For MP assays shown in Fig. 6g–I and Supplementary Fig. 12, FL KAP1 and FL HP1α were expressed and purified as described38,67. MP measurements were performed on a Refeyn OneMP instrument (Refeyn Ltd). The calibration was done with a native marker protein standard mix (NativeMark Unstained Protein Standard, Thermo Scientific), which contains proteins ranging from 20 to 1200 kDa. Coverslips (24 × 50 mm, No. 1.5H, Marienfeld) were cleaned by sequential sonication in Milli-Q water, isopropanol and Milli-Q-water, followed by drying with nitrogen. For each acquisition 2 μL of protein solution was applied to 18 μL of buffer (10 mM HEPES pH 7.5, 150 mM NaCl) in a gasket (CultureWellTM Reusable Gasket, Grace Bio-Labs) on a coverslip. To capture the movie, 400 nM HP1α was diluted 10× and 200 nM KAP1 was diluted 10× for a final concentration of 40 nM and 20 nM, respectively. The final molar ratios of HP1α:KAP1 were 1:0, 1:1 and 2:1. Movies were recorded at 999 Hz with an exposure time of 0.95 ms by using the AcquireMP software (Refeyn Ltd). All mass photometry movies were processed and analysed in the DiscoverMP software (Refeyn Ltd).

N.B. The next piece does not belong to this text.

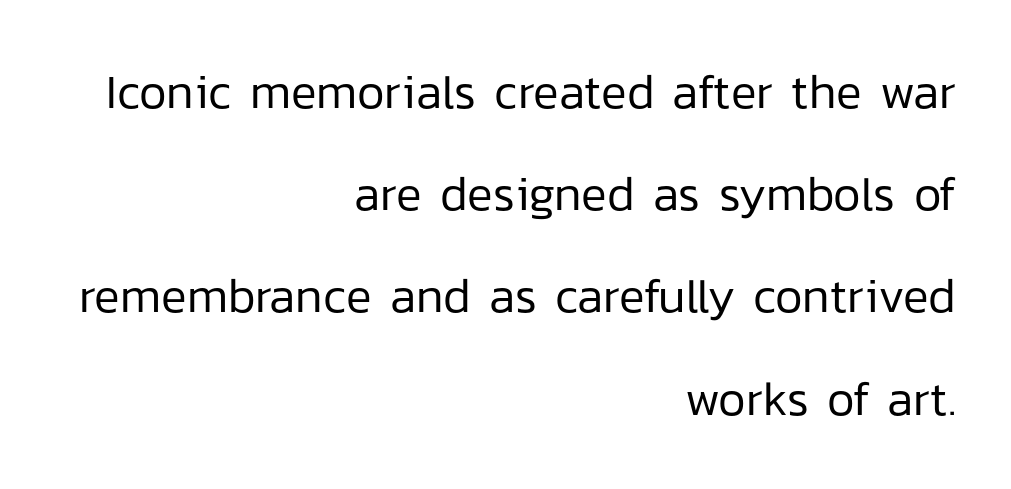
The image shows 48 px regular-weight sans-serif type, upright; set right-aligned, loose line spacing (2.13x), normal letter spacing, not underlined; low stroke contrast and a medium x-height.

Statistics and reproducibility

Tryptophan fluorescence data are presented as average of three independent measurements ±SD. Western blot experiments were performed in three biological replicates and showed identical results. EMSA experiments in Fig. 4 and Supplementary Figs. 6 and 7 were performed at least twice.